Constraints on the orbital separation distribution and binary fraction of M dwarfs

Aims. We present a new estimate for the binary fraction (the fraction of stars with a single companion) for M dwarfs using a log-normal fit to the orbital separation distribution. Methods. We used point estimates of the binary fraction (binary fractions over specific separation and companion mass ratio ranges) from four M dwarf surveys sampling distinct orbital radii to fit a log-normal function to the orbital separation distribution. This model, alongside the companion mass ratio distribution given by Reggiani & Meyer (2013, A&A, 553, A124), is used to calculate the frequency of companions over the ranges of mass ratio ( q ) and orbital separation ( a ) over which the referenced surveys were collectively sensitive – [0.60 ≤ q ≤ 1.00] and [0.00 ≤ a ≤ 10 000 AU]. This method was then extrapolated to calculate a binary fraction which encompasses the broader ranges of [0.10 ≤ q ≤ 1.00] and [0.00 ≤ a < ∞ AU]. Finally, the results of these calculations were compared to the binary fractions of other spectral types.
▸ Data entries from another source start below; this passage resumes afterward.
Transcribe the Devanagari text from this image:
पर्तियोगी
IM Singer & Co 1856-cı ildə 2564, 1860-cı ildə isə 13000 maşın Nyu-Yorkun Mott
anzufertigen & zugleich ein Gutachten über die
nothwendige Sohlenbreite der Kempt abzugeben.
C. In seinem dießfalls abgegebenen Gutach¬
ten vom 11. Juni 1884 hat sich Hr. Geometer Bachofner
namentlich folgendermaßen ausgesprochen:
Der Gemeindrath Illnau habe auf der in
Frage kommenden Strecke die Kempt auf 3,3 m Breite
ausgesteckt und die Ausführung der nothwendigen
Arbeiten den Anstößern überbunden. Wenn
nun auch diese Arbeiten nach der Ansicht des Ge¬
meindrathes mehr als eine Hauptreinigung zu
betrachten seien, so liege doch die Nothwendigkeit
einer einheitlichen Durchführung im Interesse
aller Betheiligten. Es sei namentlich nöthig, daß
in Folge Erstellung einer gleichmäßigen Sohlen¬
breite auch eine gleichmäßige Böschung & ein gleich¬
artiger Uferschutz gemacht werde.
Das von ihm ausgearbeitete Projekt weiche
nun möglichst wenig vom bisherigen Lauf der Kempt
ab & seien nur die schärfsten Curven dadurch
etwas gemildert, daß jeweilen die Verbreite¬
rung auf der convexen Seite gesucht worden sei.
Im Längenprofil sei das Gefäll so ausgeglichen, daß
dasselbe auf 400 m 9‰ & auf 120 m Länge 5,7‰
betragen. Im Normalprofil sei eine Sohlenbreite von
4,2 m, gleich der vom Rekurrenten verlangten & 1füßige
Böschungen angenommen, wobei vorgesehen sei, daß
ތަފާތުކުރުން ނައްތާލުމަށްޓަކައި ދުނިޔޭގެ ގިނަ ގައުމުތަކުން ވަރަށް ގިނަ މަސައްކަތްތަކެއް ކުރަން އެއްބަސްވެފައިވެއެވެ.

Results. The binary fraction over the constrained regions of [0.60 ≤ q ≤ 1.00] and [0.00 ≤ a ≤ 10 000 AU] was calculated to be 0.229 ± 0.028. This quantity was then extrapolated over the broader ranges of q (0.10−1.00) and a (0.00 − ∞ AU) and found to be 0.462 −0.052 +0.057 . We used a conversion factor to estimate the multiplicity fraction from the binary fraction and found the multiplicity fraction over the narrow region of [0.60 ≤ q ≤ 1.00] and [0.00 ≤ a ≤ 10 000 AU] to be 0.270 ± 0.111. Lastly, we estimated the multiplicity fractions of FGK, and A stars using the same method (taken over [0.60 ≤ q ≤ 1.00] and [0.00 ≤ a ≤ 10 000 AU]). We find that the multiplicity fractions of M, FGK, and A stars, when considered over common ranges of q and a , are more similar than generally assumed.